Horse Health Feature of the Month: HYPP, A Genetic Disease
Identifying and Managing HYPP, a Genetic Disease Originating in One Line of Quarter Horses
by Tracy Williams
The madness began with a single horse. His name was Impressive, and he lived up to his name not only in appearance and show ring success but also by introducing an acronym that would shake the Quarter Horse industry to its core: HYPP. Impressive exploded on the halter horse scene with pizzazz, and it wasn’t long before his excellent conformation and near perfect musculature gave him the show record needed to launch him into stud success. Impressive passed along these stellar traits to his offspring, many of whom became strong influences in their own right in the breeding world. Thus, his genes spread quickly until owners began noticing strange muscle tremors in some of his many offspring. Along with his brilliance, Impressive had inadvertently passed along a genetic mutation that due to his popularity seemed to be everywhere.
It’s All in the Genes. Hyperkalemic Periodic Paralysis, more commonly known as HYPP, is strictly a genetic disease, meaning that it is not contagious and is only transmitted from parent to offspring. Unfortunately, it is a dominant trait; a horse needs only to carry one copy of the dominant allele to be affected and to pass the disease to its offspring. A horse that carries two copies of the dominant gene will pass the disease to its offspring 100 percent of the time, regardless of whether or not the other member of the breeding pair has the defective gene. Breeding a horse that carries only one copy of the mutation (heterozygous for the trait) to a horse that is free from the disease gives the breeder a 50/50 shot at having an HYPP foal. Breeding two heterozygous horses gives you only a 25 percent chance at having a healthy foal.
The disease began as a simple mutation, a normal step in the evolutionary process. This particular mutation causes a disruption in a muscle protein called a sodium ion channel. In a normal horse, the sodium ion channel opens and closes to allow sodium and potassium in and out of muscle cells, a process that is vital for the electrical activity responsible for muscle contraction and relaxation. In a horse affected by HYPP, the sodium ion channel malfunctions, allowing large influxes of sodium into the cell during an episode. This skews the sodium/potassium balance which in turn alters the voltage current in the cell causing uncontrollable muscle twitching, tremors and paralysis. Thus, high blood levels of potassium are usually present during an episode and can help pinpoint HYPP as the cause.

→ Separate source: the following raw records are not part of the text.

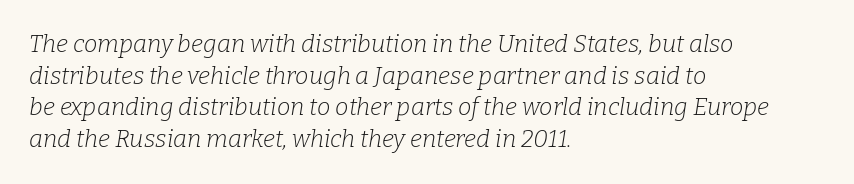
Q: Is the text bold? A: No.
Q: Is the text italic (slanted)? A: Yes, it leans right by about 9 degrees.
Q: Is the text underlined? A: No.
Q: How is the paragraph aligned? A: Left-aligned.
Q: Is the spacing between letters normal or unusually wide? A: Normal.
Q: Is the spacing between lines tight, normal or loose? A: Normal.
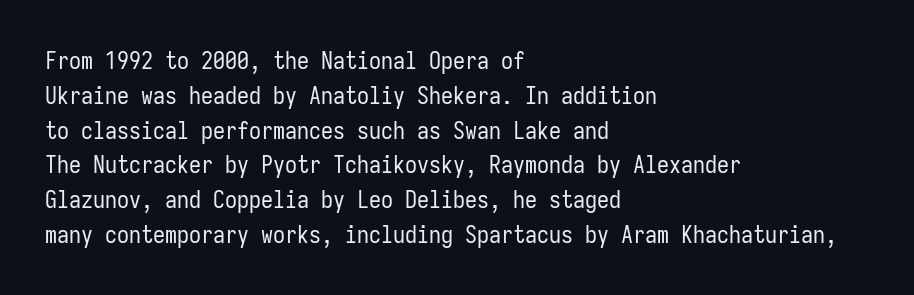
Q: Is the text bold? A: No.
Q: Is the text italic (slanted)? A: No, it is upright.
Q: Is the text underlined? A: No.
Q: How is the paragraph aligned? A: Left-aligned.
Q: Is the spacing between letters normal or unusually wide? A: Normal.
Q: Is the spacing between lines tight, normal or loose? A: Normal.
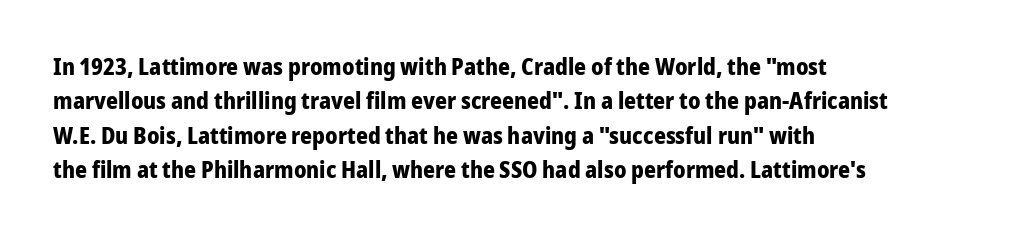
{"italic": "no", "bold": "yes", "underline": "no", "align": "left", "line_spacing": "normal", "line_spacing_ratio": 1.49, "letter_spacing": "normal", "letter_spacing_em": 0.0, "glyph_px": 23}
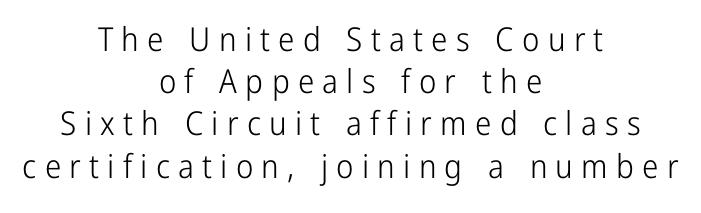
Q: Is the text bold? A: No.
Q: Is the text italic (slanted)? A: No, it is upright.
Q: Is the typeface a serif or a sans-serif typeface? A: Sans-serif.
Q: Is the text underlined? A: No.
Q: How is the paragraph aligned? A: Centered.
Q: Is the spacing between letters normal or unusually wide? A: Unusually wide.
Q: Is the spacing between lines tight, normal or loose? A: Normal.
Q: Width (condensed, normal, or wide)? A: Condensed.
Q: Stroke contrast? A: Low.
Q: x-height? A: Medium.
Q: Monospaced? A: No.
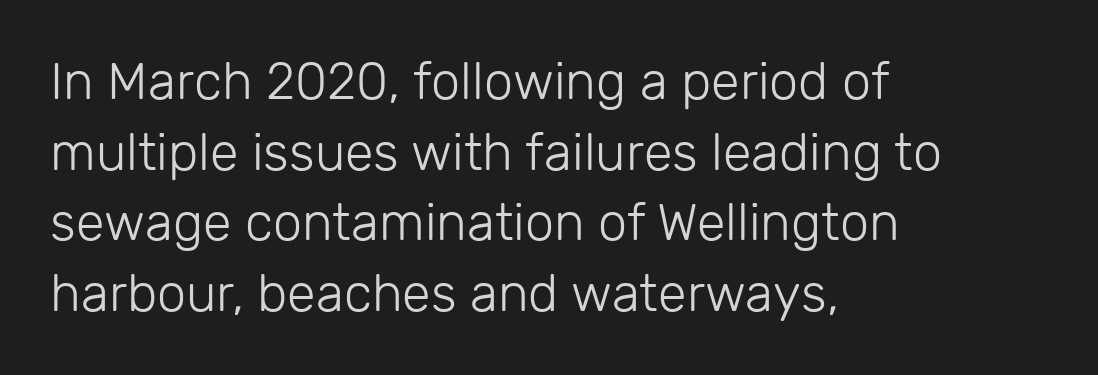
Q: Is the text bold? A: No.
Q: Is the text italic (slanted)? A: No, it is upright.
Q: Is the typeface a serif or a sans-serif typeface? A: Sans-serif.
Q: Is the text underlined? A: No.
Q: How is the paragraph aligned? A: Left-aligned.
Q: Is the spacing between letters normal or unusually wide? A: Normal.
Q: Is the spacing between lines tight, normal or loose? A: Normal.
Q: Width (condensed, normal, or wide)? A: Normal.
Q: Stroke contrast? A: Low.
Q: x-height? A: Medium.
Q: Monospaced? A: No.
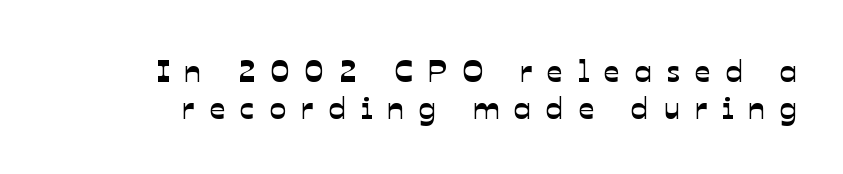
To sum up the face: it is a sans, with no serifs. Here the designer chose a conventional face with non-uniform glyph widths. Honestly, the letter spacing is so wide it's the main thing you notice. Anything drawn beneath the words? Only blank space.
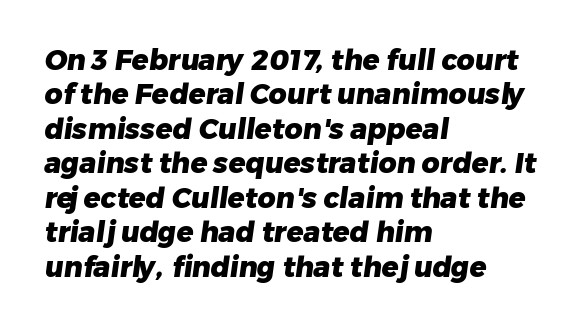
Q: Is the text bold? A: Yes.
Q: Is the typeface a serif or a sans-serif typeface? A: Sans-serif.
Q: Is the text underlined? A: No.
Q: How is the paragraph aligned? A: Left-aligned.
Q: Is the spacing between letters normal or unusually wide? A: Normal.
Q: Width (condensed, normal, or wide)? A: Normal.
Q: Stroke contrast? A: Low.
Q: x-height? A: Medium.
Q: Monospaced? A: No.
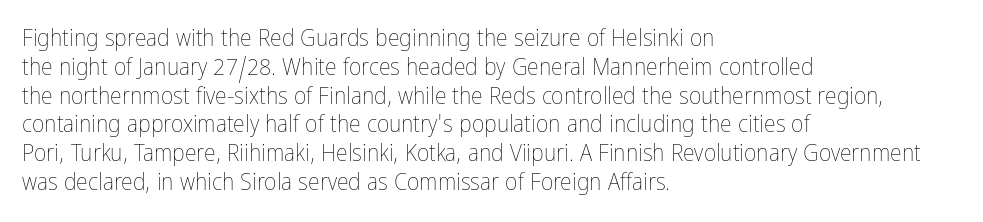
Horizontal alignment here is leftward, the default for most running prose. Is the stroke heavy? The answer is a plain regular-or-lighter. Posture: upright roman. The baseline area is clear. Between one letter and the next there's only the usual sliver of space.
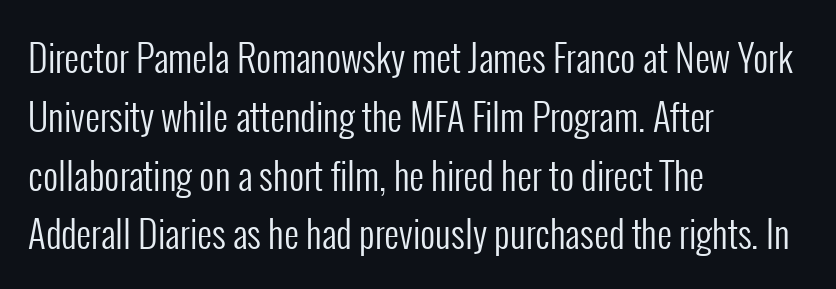
{"serif": "no", "italic": "no", "bold": "no", "weight": "regular", "width": "condensed", "stroke_contrast": "low", "x_height": "medium", "monospaced": "no", "underline": "no", "align": "left", "line_spacing": "normal", "line_spacing_ratio": 1.59, "letter_spacing": "normal", "letter_spacing_em": 0.0, "glyph_px": 37}
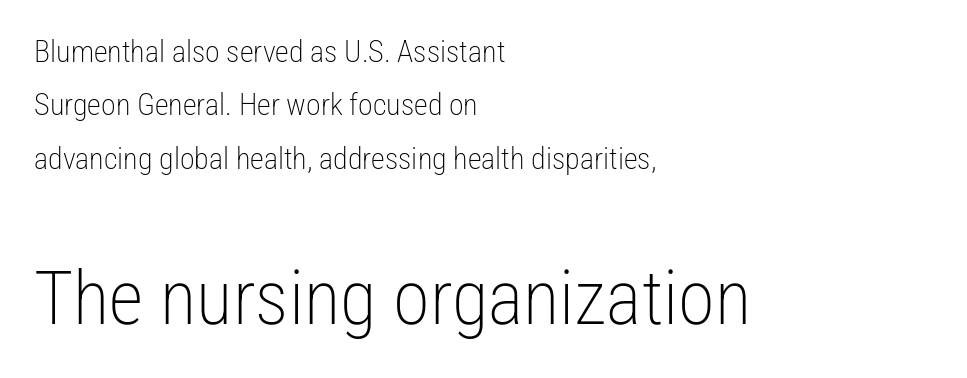
The letters stand upright; this is a roman face. Weight class: somewhere from thin through regular. Caption: upper text group reduced, lower text group enlarged. The passage is arranged the way most books set body copy — flush left. Does extra space separate the letters? No, they use regular spacing. Type style note: lacks serifs.
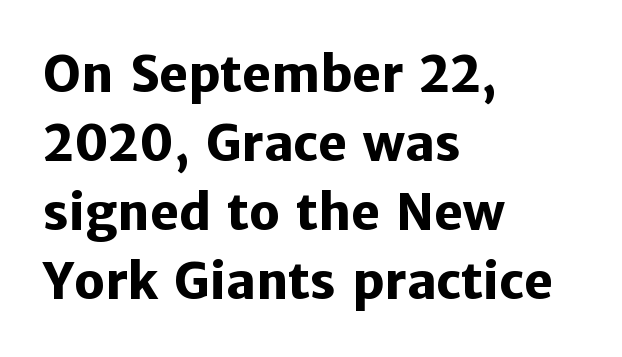
{"serif": "no", "italic": "no", "bold": "yes", "weight": "heavy", "width": "normal", "stroke_contrast": "low", "x_height": "medium", "monospaced": "no", "underline": "no", "align": "left", "line_spacing": "normal", "line_spacing_ratio": 1.41, "letter_spacing": "normal", "letter_spacing_em": 0.0, "glyph_px": 49}
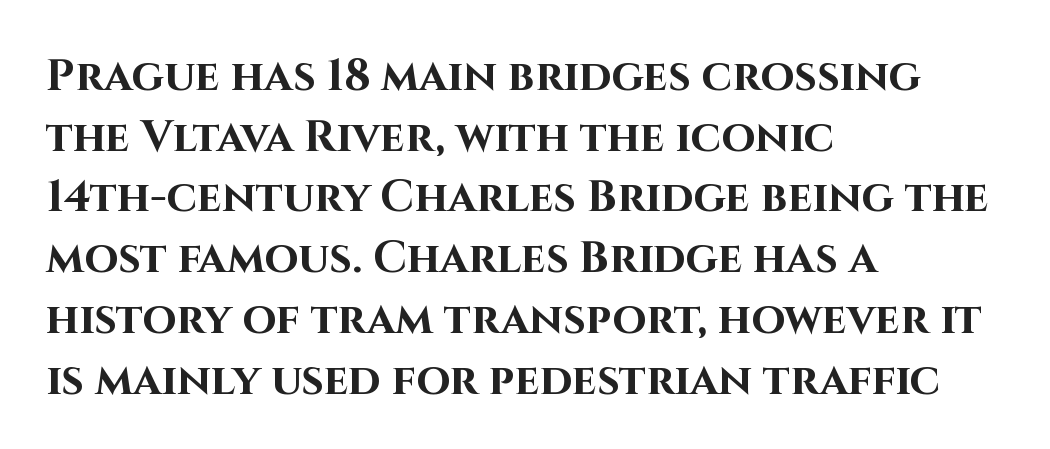
The image shows 44 px bold sans-serif type, upright; set left-aligned, normal line spacing (1.38x), normal letter spacing, not underlined; high stroke contrast and a large x-height.
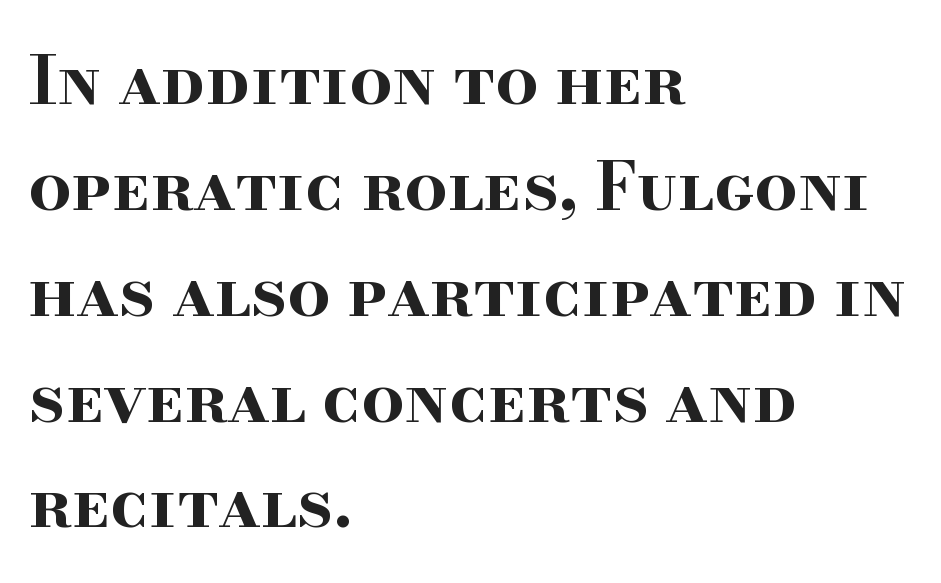
Type style note: has serifs. Honestly, the letter spacing is just normal — you wouldn't notice it. Style check: upright. As a designer I'd log this as weight 700, bold.
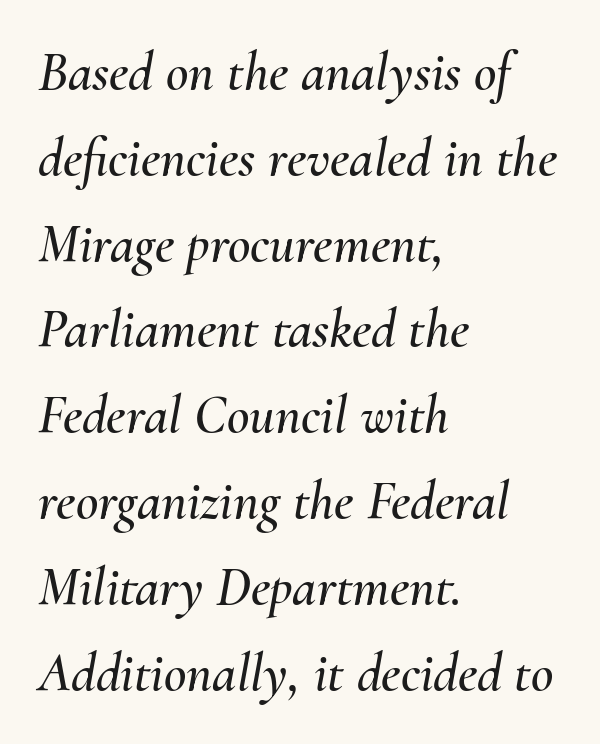
In terms of leading, this rendering sits right in the middle. The letters advance in unequal steps, a hallmark of proportional type. Tracking value appears to be zero — textbook default spacing. Tall strokes in this sample are angled rather than plumb. Layout note: lines flush left.
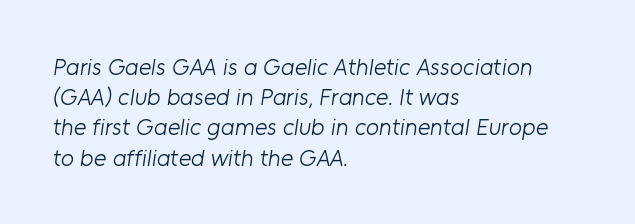
The space beneath each line is pristine and unruled. Leftover space on each line is placed entirely after the last word. The letters sit at their default tracking, neither squeezed nor spread. What's the leading like? Ordinary, nothing unusual.
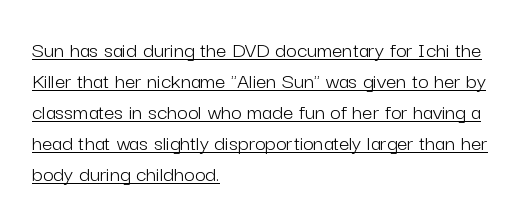
{"italic": "no", "bold": "no", "underline": "yes", "align": "left", "line_spacing": "normal", "line_spacing_ratio": 1.35, "letter_spacing": "normal", "letter_spacing_em": 0.0, "glyph_px": 23}
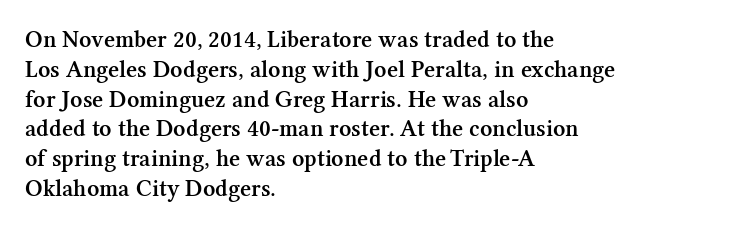
{"italic": "no", "bold": "semi", "underline": "no", "align": "left", "line_spacing_ratio": 1.24, "letter_spacing": "normal", "letter_spacing_em": 0.0, "glyph_px": 24}
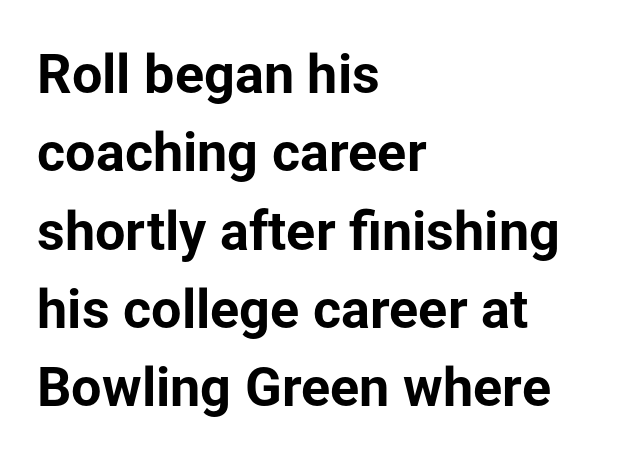
Do the characters align in a grid? No, the font is proportional. A typesetter would mark this as roman, not italic. The letterforms sit shoulder to shoulder at normal distance. Bare-footed words on every line. The block of text has a typical density, with ordinary space between rows. The letters carry no serifs — their stems end cleanly without finishing strokes.
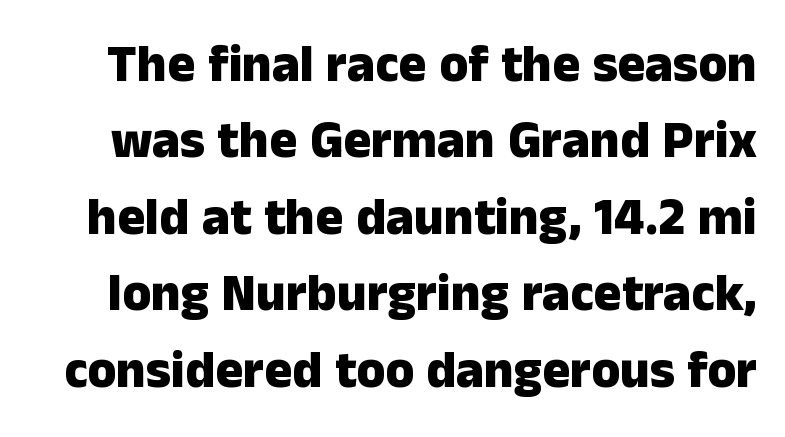
Standard letterfit; no display-style spreading of the glyphs. Style check: upright. A typesetter would call this proportional, since set widths differ per character. The space beneath each line is pristine and unruled. This sample keeps an unexceptional amount of space between lines.
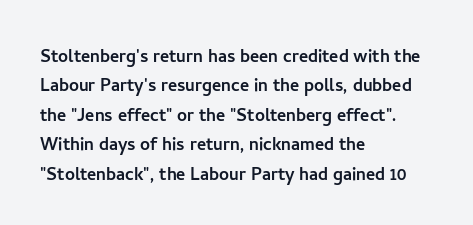
The image shows 22 px text type, upright; set left-aligned, normal line spacing (1.34x), normal letter spacing, not underlined.
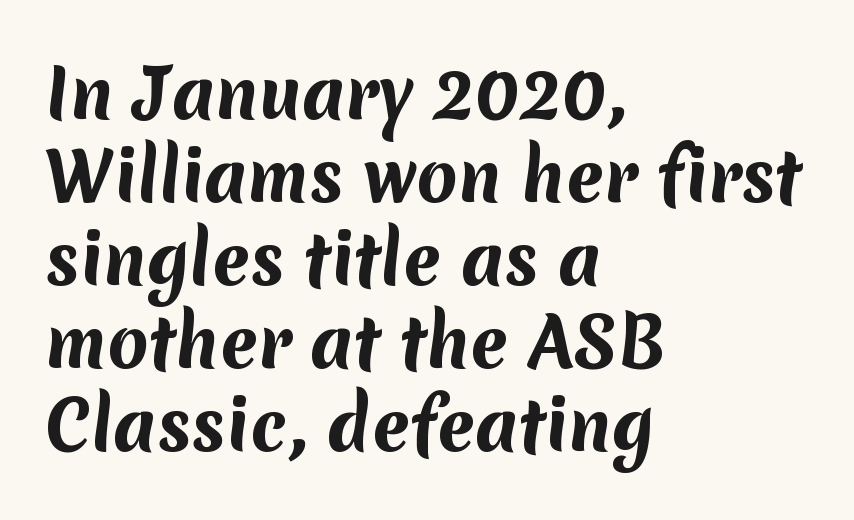
The image shows 67 px bold sans-serif type; set left-aligned, line spacing 1.24x, normal letter spacing, not underlined; medium stroke contrast and a medium x-height.
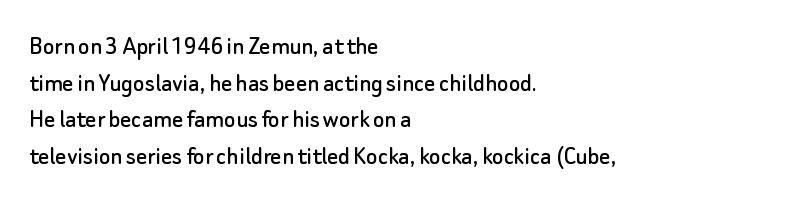
Alignment: flush left. The lettering stays uniformly vertical, giving the passage a roman look. The block of text has a typical density, with ordinary space between rows. Beneath every word, the page is bare. Compared with typical body copy, the letter spacing here is the same.
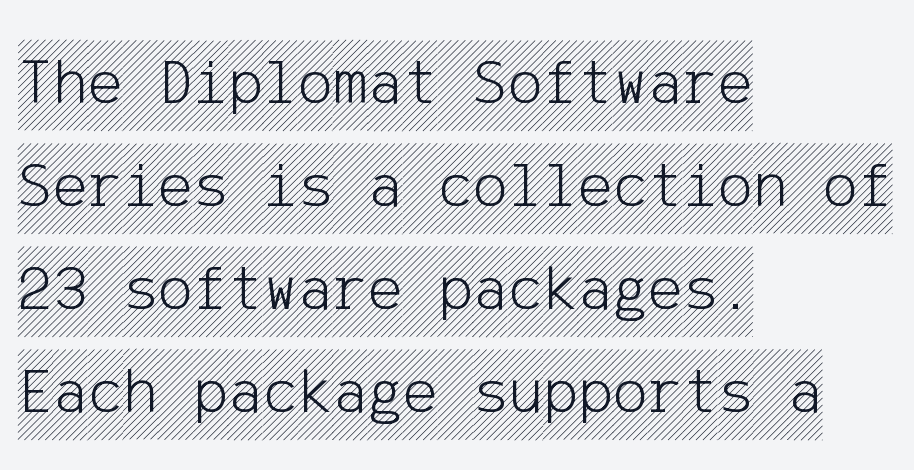
Q: Is the text italic (slanted)? A: No, it is upright.
Q: Is the text underlined? A: No.
Q: How is the paragraph aligned? A: Left-aligned.
Q: Is the spacing between letters normal or unusually wide? A: Normal.
Q: Is the spacing between lines tight, normal or loose? A: Normal.
Q: Width (condensed, normal, or wide)? A: Condensed.
Q: x-height? A: Large.
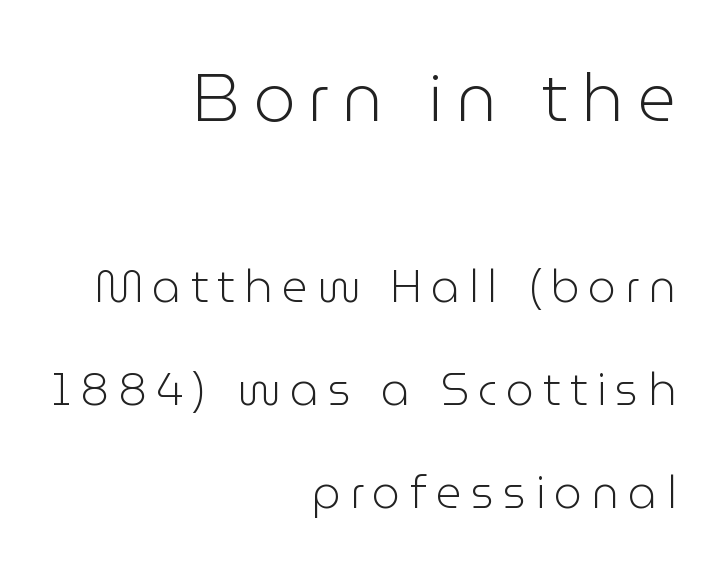
Q: Is the text bold? A: No.
Q: Is the text italic (slanted)? A: No, it is upright.
Q: Is the typeface a serif or a sans-serif typeface? A: Sans-serif.
Q: Is the text underlined? A: No.
Q: How is the paragraph aligned? A: Right-aligned.
Q: Is the spacing between letters normal or unusually wide? A: Unusually wide.
Q: Is the spacing between lines tight, normal or loose? A: Loose.
Q: Which block of text is set in a larger size, the first (top) or the second (bottom)? A: The first (top) one.
Q: Width (condensed, normal, or wide)? A: Normal.
Q: Stroke contrast? A: Low.
Q: x-height? A: Medium.
Q: Monospaced? A: No.

A Symptom Spectrum. Horses can exhibit a wide range of severity in their symptoms. Some affected horses appear clinically normal and have successful show careers, while others need daily medication to control attacks. A horse that carries two copies of the mutation seems to have more violent episodes, and these horses with severe symptoms also have numerous sodium channel mutations in their skeletal muscle. It is a muscle disease, so an episode can consist of weakness, tremors, paralysis, respiratory noises (from paralysis of airway muscles) and even collapse. In severe cases, horses can die from respiratory failure or cardiac arrest. These episodes tend to be unpredictable and can last anywhere from minutes to hours depending on the particular case.